▶ _DATA EXTRACT_:
= = = = = = =

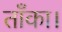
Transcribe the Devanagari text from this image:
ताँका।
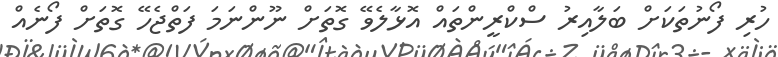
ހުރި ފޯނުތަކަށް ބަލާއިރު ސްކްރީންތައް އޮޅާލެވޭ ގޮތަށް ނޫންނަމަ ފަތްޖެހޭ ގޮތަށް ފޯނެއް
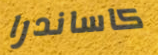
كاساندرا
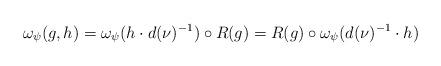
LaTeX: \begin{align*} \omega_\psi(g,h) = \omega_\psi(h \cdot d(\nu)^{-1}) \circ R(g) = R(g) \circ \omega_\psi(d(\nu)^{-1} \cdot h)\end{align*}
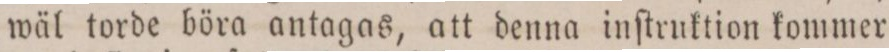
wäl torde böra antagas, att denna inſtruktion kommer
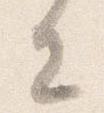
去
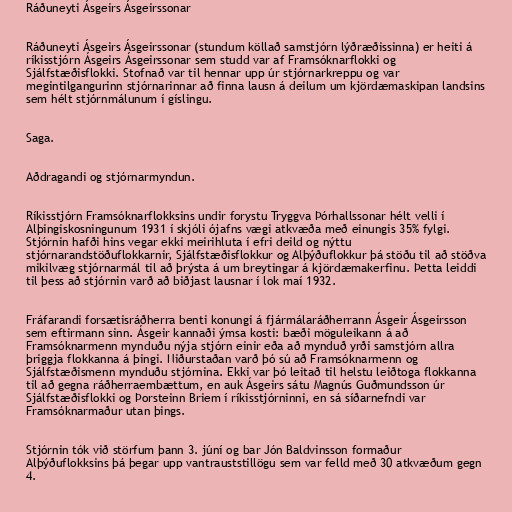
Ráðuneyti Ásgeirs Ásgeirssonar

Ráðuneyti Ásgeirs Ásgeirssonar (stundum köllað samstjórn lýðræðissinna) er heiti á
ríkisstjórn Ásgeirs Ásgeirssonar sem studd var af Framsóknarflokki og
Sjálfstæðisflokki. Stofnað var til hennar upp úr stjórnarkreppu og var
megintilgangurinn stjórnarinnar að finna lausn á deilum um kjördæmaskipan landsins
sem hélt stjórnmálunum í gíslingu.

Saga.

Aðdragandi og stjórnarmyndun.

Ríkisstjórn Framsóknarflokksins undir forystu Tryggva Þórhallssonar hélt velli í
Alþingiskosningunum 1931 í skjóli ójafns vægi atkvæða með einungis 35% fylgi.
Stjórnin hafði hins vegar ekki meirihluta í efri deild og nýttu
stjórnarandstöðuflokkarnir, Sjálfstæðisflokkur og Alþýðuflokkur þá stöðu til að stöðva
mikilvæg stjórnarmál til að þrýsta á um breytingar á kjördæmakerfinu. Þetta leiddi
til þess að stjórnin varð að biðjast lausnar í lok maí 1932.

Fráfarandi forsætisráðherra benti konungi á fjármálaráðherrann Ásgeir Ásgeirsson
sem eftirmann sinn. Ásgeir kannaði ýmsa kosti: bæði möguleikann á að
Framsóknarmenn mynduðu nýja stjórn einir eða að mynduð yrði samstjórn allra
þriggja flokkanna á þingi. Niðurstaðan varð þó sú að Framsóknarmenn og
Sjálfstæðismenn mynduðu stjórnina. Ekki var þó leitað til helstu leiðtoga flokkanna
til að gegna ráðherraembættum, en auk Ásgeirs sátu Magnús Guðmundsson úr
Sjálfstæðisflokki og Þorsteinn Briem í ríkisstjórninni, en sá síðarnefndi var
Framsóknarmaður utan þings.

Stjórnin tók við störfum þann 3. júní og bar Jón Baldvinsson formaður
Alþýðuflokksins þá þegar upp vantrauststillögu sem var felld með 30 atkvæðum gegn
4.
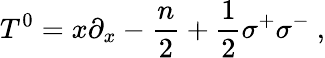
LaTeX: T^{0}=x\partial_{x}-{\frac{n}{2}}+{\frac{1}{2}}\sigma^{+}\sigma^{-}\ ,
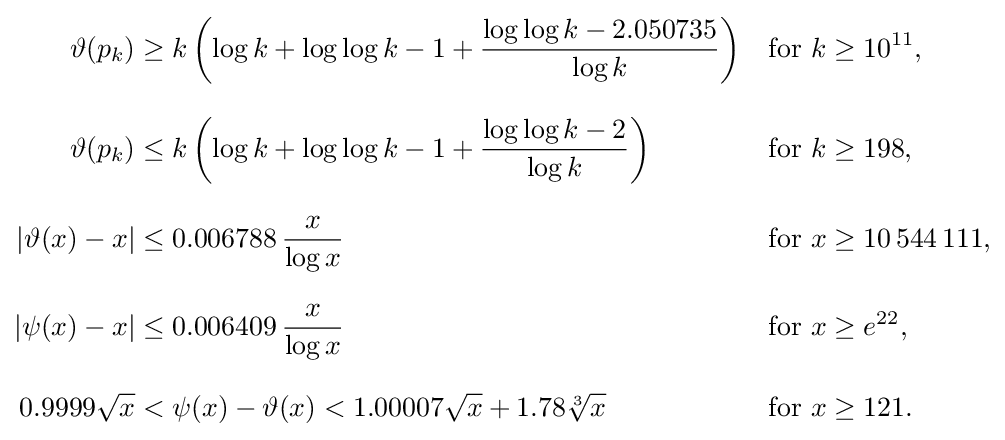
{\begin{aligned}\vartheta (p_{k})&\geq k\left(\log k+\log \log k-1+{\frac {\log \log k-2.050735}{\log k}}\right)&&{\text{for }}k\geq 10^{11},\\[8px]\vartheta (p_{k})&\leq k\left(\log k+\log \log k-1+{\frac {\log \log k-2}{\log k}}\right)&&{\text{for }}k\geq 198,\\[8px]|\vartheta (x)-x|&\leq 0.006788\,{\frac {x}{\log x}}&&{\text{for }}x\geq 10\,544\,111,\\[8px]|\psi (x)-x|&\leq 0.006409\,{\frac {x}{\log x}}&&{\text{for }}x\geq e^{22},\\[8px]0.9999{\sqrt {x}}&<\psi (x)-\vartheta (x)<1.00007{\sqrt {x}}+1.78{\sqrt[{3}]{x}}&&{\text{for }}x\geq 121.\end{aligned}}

= = = = = = =

▶ _DESCRIPTION OF THE TASK_:
Give every record again without changing a word. Exclude the pictures.

▶ _REPLY_:
Transcribe the Devanagari text from this image:
ताँका।
ހުރި ފޯނުތަކަށް ބަލާއިރު ސްކްރީންތައް އޮޅާލެވޭ ގޮތަށް ނޫންނަމަ ފަތްޖެހޭ ގޮތަށް ފޯނެއް
كاساندرا
LaTeX: \begin{align*} \omega_\psi(g,h) = \omega_\psi(h \cdot d(\nu)^{-1}) \circ R(g) = R(g) \circ \omega_\psi(d(\nu)^{-1} \cdot h)\end{align*}
wäl torde böra antagas, att denna inſtruktion kommer
去
Ráðuneyti Ásgeirs Ásgeirssonar

Ráðuneyti Ásgeirs Ásgeirssonar (stundum köllað samstjórn lýðræðissinna) er heiti á
ríkisstjórn Ásgeirs Ásgeirssonar sem studd var af Framsóknarflokki og
Sjálfstæðisflokki. Stofnað var til hennar upp úr stjórnarkreppu og var
megintilgangurinn stjórnarinnar að finna lausn á deilum um kjördæmaskipan landsins
sem hélt stjórnmálunum í gíslingu.

Saga.

Aðdragandi og stjórnarmyndun.

Ríkisstjórn Framsóknarflokksins undir forystu Tryggva Þórhallssonar hélt velli í
Alþingiskosningunum 1931 í skjóli ójafns vægi atkvæða með einungis 35% fylgi.
Stjórnin hafði hins vegar ekki meirihluta í efri deild og nýttu
stjórnarandstöðuflokkarnir, Sjálfstæðisflokkur og Alþýðuflokkur þá stöðu til að stöðva
mikilvæg stjórnarmál til að þrýsta á um breytingar á kjördæmakerfinu. Þetta leiddi
til þess að stjórnin varð að biðjast lausnar í lok maí 1932.

Fráfarandi forsætisráðherra benti konungi á fjármálaráðherrann Ásgeir Ásgeirsson
sem eftirmann sinn. Ásgeir kannaði ýmsa kosti: bæði möguleikann á að
Framsóknarmenn mynduðu nýja stjórn einir eða að mynduð yrði samstjórn allra
þriggja flokkanna á þingi. Niðurstaðan varð þó sú að Framsóknarmenn og
Sjálfstæðismenn mynduðu stjórnina. Ekki var þó leitað til helstu leiðtoga flokkanna
til að gegna ráðherraembættum, en auk Ásgeirs sátu Magnús Guðmundsson úr
Sjálfstæðisflokki og Þorsteinn Briem í ríkisstjórninni, en sá síðarnefndi var
Framsóknarmaður utan þings.

Stjórnin tók við störfum þann 3. júní og bar Jón Baldvinsson formaður
Alþýðuflokksins þá þegar upp vantrauststillögu sem var felld með 30 atkvæðum gegn
4.
LaTeX: T^{0}=x\partial_{x}-{\frac{n}{2}}+{\frac{1}{2}}\sigma^{+}\sigma^{-}\ ,
{\begin{aligned}\vartheta (p_{k})&\geq k\left(\log k+\log \log k-1+{\frac {\log \log k-2.050735}{\log k}}\right)&&{\text{for }}k\geq 10^{11},\\[8px]\vartheta (p_{k})&\leq k\left(\log k+\log \log k-1+{\frac {\log \log k-2}{\log k}}\right)&&{\text{for }}k\geq 198,\\[8px]|\vartheta (x)-x|&\leq 0.006788\,{\frac {x}{\log x}}&&{\text{for }}x\geq 10\,544\,111,\\[8px]|\psi (x)-x|&\leq 0.006409\,{\frac {x}{\log x}}&&{\text{for }}x\geq e^{22},\\[8px]0.9999{\sqrt {x}}&<\psi (x)-\vartheta (x)<1.00007{\sqrt {x}}+1.78{\sqrt[{3}]{x}}&&{\text{for }}x\geq 121.\end{aligned}}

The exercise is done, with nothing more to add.